The following job titles also refer to health psychologist:

specialist healthcare psychologist
health psychology researcher
expert healthcare psychologist
consultant in health psychology
healthcare psychologist
practitioner of healthcare psychology
research health psychologist
consultant health psychologist

Minimum qualifications

Doctoral or equivalent level is generally required to work as health psychologist. However, this requirement may differ in some countries.

ISCO skill level

ISCO skill level is defined as a function of the complexity and range of tasks and duties to be performed in an occupation. It is measured on a scale from 1 to 4, with 1 the lowest level and 4 the highest, by considering:

  • the nature of the work performed in an occupation in relation to the characteristic tasks and duties
  • the level of formal education required for competent performance of the tasks and duties involved and
  • the amount of informal on-the-job training and/or previous experience in a related occupation required for competent performance of these tasks and duties.

Health psychologist is a Skill level 4 occupation.
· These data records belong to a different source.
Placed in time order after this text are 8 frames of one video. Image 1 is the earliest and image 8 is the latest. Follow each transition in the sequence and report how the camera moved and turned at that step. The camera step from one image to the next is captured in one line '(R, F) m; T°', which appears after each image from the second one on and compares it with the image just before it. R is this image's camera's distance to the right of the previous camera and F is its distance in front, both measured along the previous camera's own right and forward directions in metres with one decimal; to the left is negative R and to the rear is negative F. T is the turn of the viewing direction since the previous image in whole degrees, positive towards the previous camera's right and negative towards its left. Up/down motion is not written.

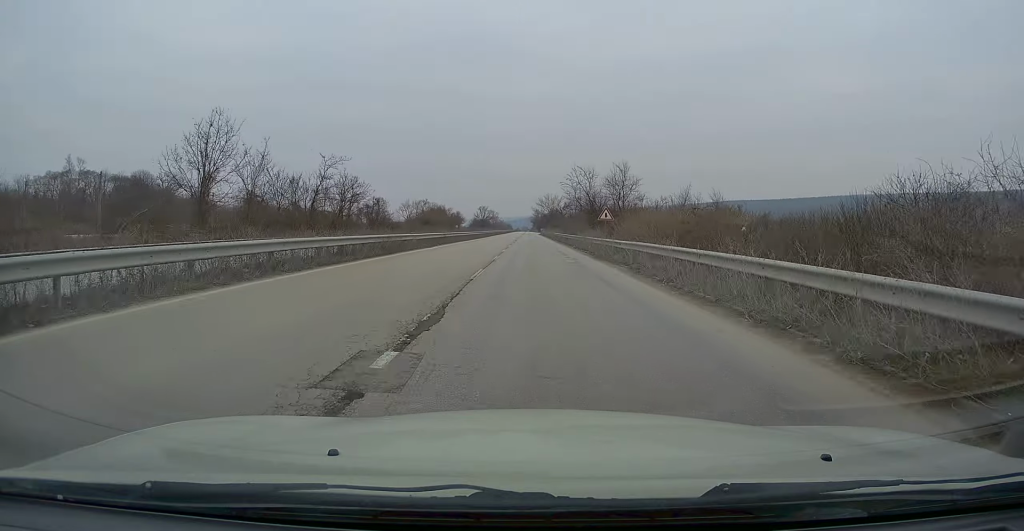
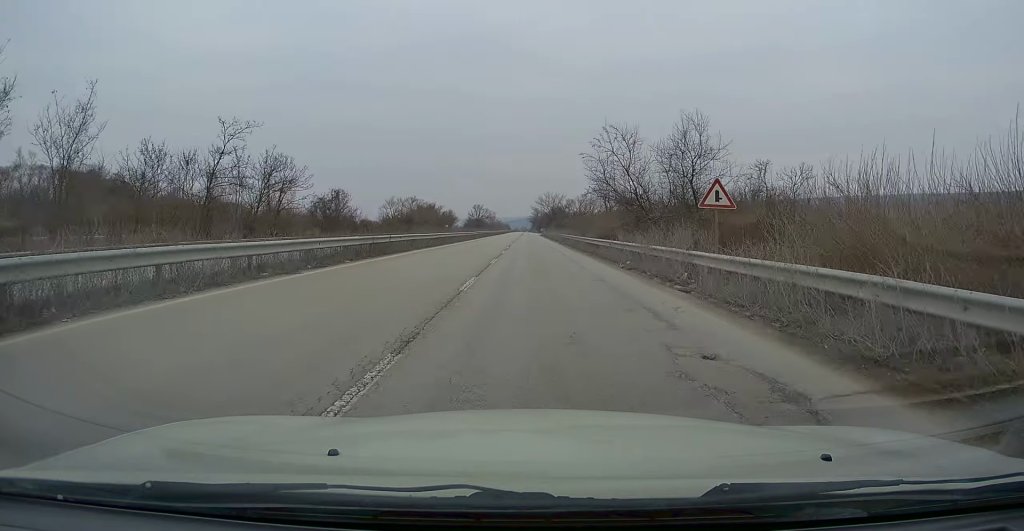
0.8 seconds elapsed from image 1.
(-0.1, +20.2) m; -1°
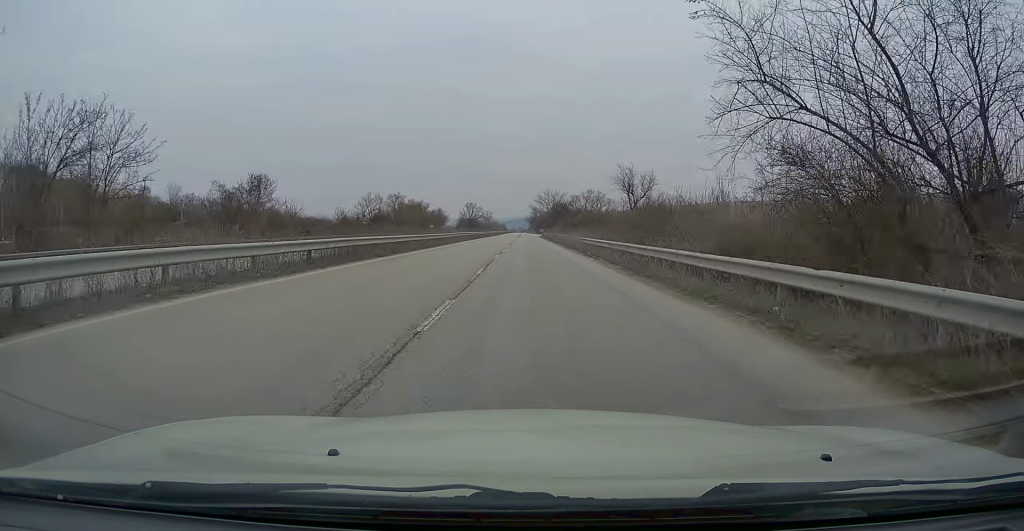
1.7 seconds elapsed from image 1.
(-0.1, +22.6) m; 0°
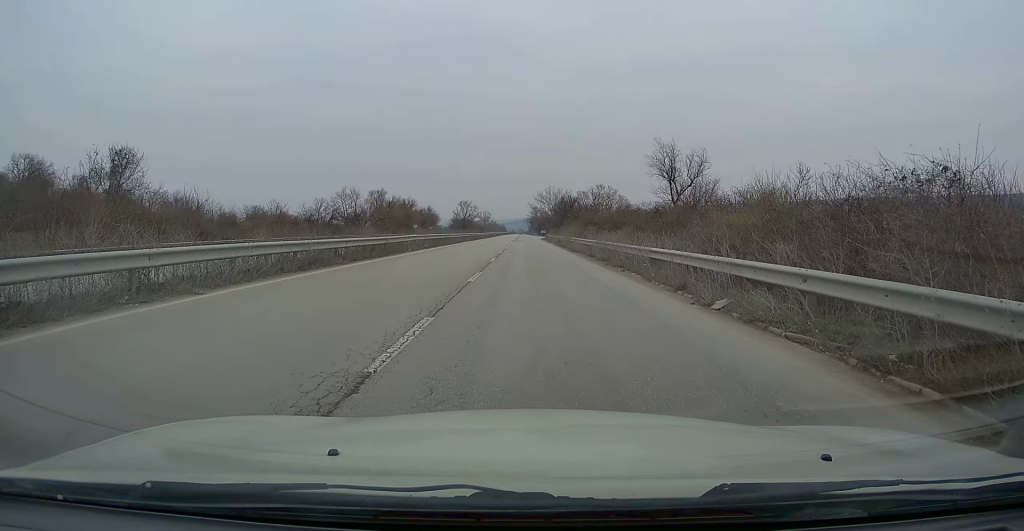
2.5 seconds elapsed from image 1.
(+0.1, +20.0) m; +1°
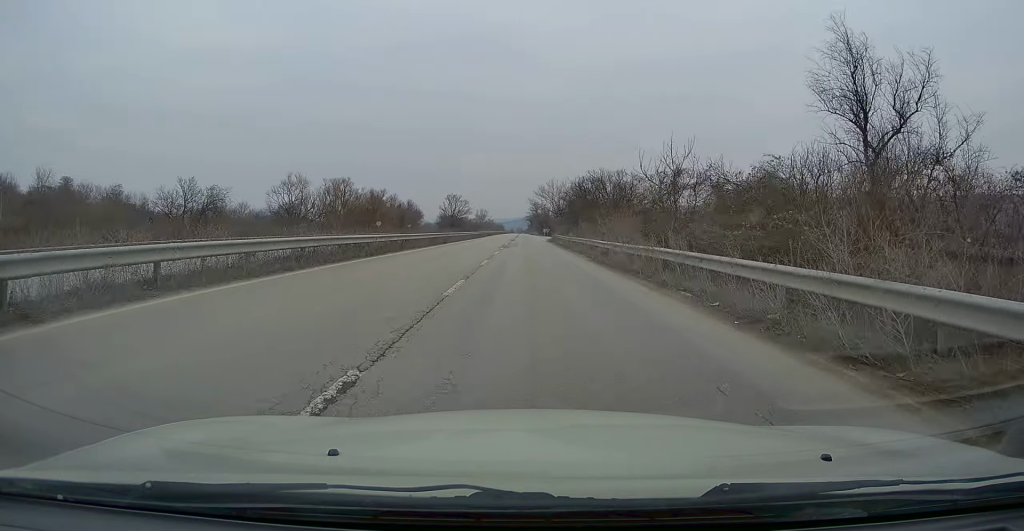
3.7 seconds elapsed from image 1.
(+0.4, +29.2) m; 0°
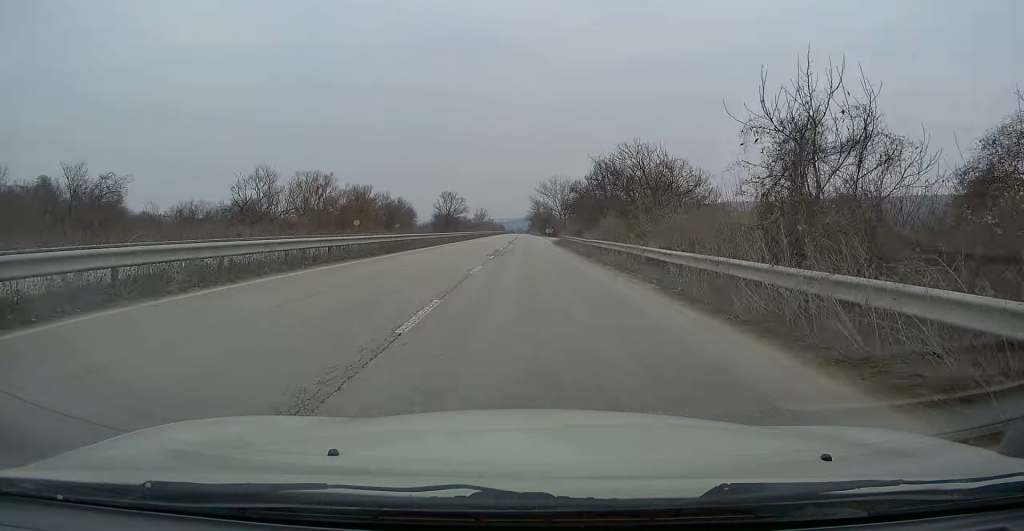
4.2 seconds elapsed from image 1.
(-0.1, +12.5) m; 0°
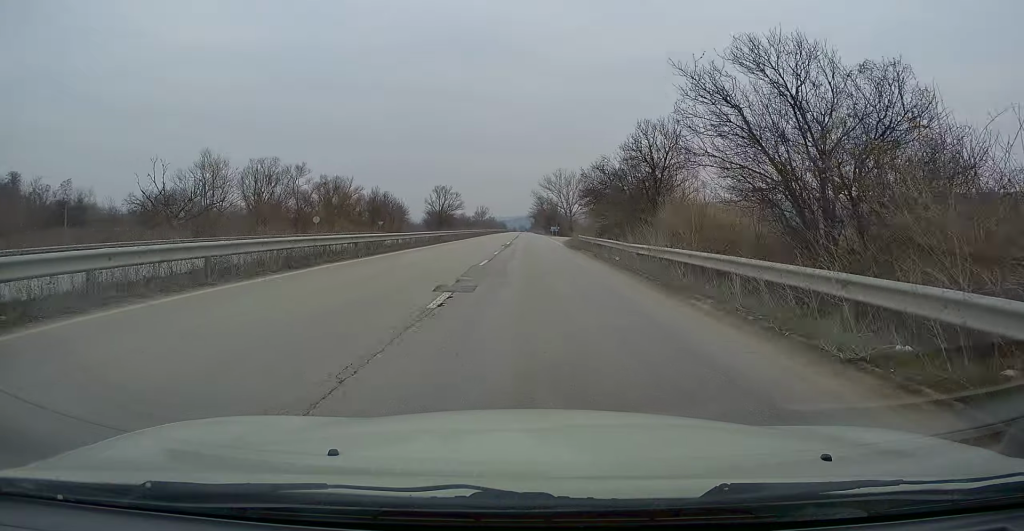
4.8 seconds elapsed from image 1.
(-0.2, +15.8) m; 0°
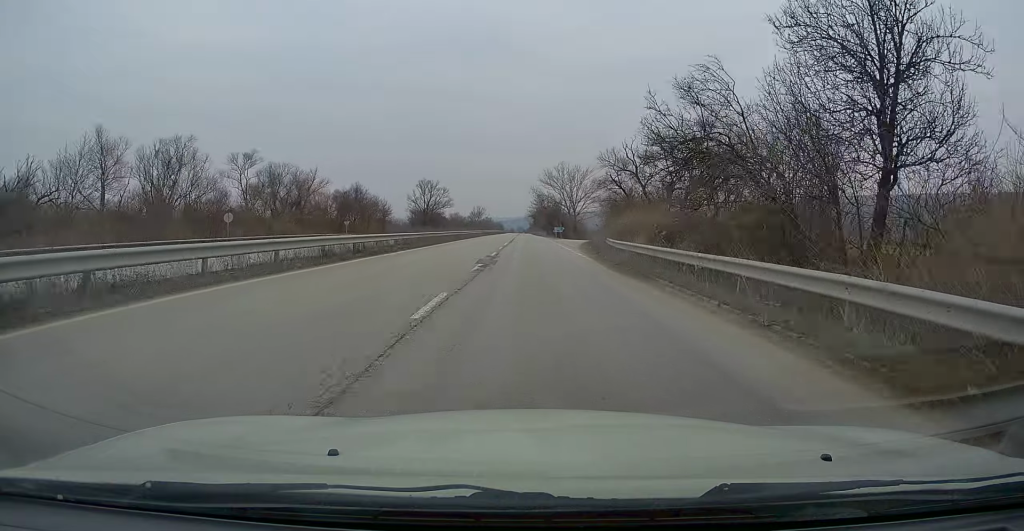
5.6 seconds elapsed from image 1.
(+0.1, +19.1) m; 0°

Health psychologist career path

Similar occupations

These occupations, although different, require a lot of knowledge and skills similar to health psychologist.

clinical psychologist
specialist biomedical scientist
specialist pharmacist

Long term prospects

These occupations require some skills and knowledge of health psychologist. They also require other skills and knowledge, but at a higher ISCO skill level, meaning these occupations are accessible from a position of health psychologist with a significant experience and/or extensive training.

Essential knowledge and skills

Essential knowledge

This knowledge should be acquired through learning to fulfill the role of health psychologist.

Clinical reports: The methods, assessment practices, credentials and opinions gathering procedures necessary for writing clinical reports.
Counselling methods: Counselling techniques used in different settings and with various groups and individuals, especially concerning methods of supervision and mediation in the counselling process.
Psychological diagnostics: The psychological diagnostics strategies, methods and techniques concerning health-related experiences and behaviours as well as mental disorders
Health care occupation-specific ethics: The moral standards and procedures, ethical questions and obligations specific to occupations in a health care setting such as respect for human dignity, self-determination, informed consent and patient confidentiality.
Consultation: The theories, methods and concepts related to consultation and communication with clients.
Psychological counselling methods: The various psychological counselling, training and coaching methods for persons of all ages, groups and organizations considering medical aspects.
Neurology: Neurology is a medical specialty mentioned in the EU Directive 2005/36/EC.
Psychopharmacology: The awareness of various effects that medicines have on the patient or client’s behaviour, mood and thinking.
Emergency psychology: The methods used for coping with trauma or disasters.
Health psychology: The development, implementations and evaluation of health psychological concepts.
Crisis intervention: Coping strategies in crisis cases which allow individuals to overcome their problems or fears and avoid psychological distress and breakdown.
Therapy in health care: The principles, methods, and procedures for diagnosis, treatment, and rehabilitation of physical and mental dysfunctions.
Evaluation of psychological performance: The characteristics of the methods used to assess psychological parameters.
Conditions for professional practice of health psychology: The institutional, legal and psychosocial conditions for professional practice of health psychology with the aim to apply them in the exercise of the psychological profession in health care.
Psychological interventions: The characteristics of the methods and procedures meant to instigate change in human behaviour.
Psychology: The human behaviour and performance with individual differences in ability, personality, interests, learning, and motivation.
Psychopathology: The criteria of psychiatric diagnoses, the use of the disease classification system, and the theories of psychopathology. The indicators of functional and organic disorders and the types of psychopharmacological medications.
Psychological treatment measures: The psychological treatment measures for persons of all ages and groups, with the aim of improving treatment skills and the provisions of trans-cultural and gender aspects.
Psychological concepts: The psychological concepts of health protection and health promotion.
Psychological healthcare services: The characteristics of the psychological healthcare services in the inpatient and outpatient sector.
Psychological measures in working with other health care professionals: The various psychological measures considering medical aspects in terms of the collaboration with other health care professionals.
First aid: The emergency treatment given to a sick or injured person in the case of circulatory and/or respiratory failure, unconsciousness, wounds, bleeding, shock or poisoning.
Psychiatry: Psychiatry is a medical specialty mentioned in the EU Directive 2005/36/EC.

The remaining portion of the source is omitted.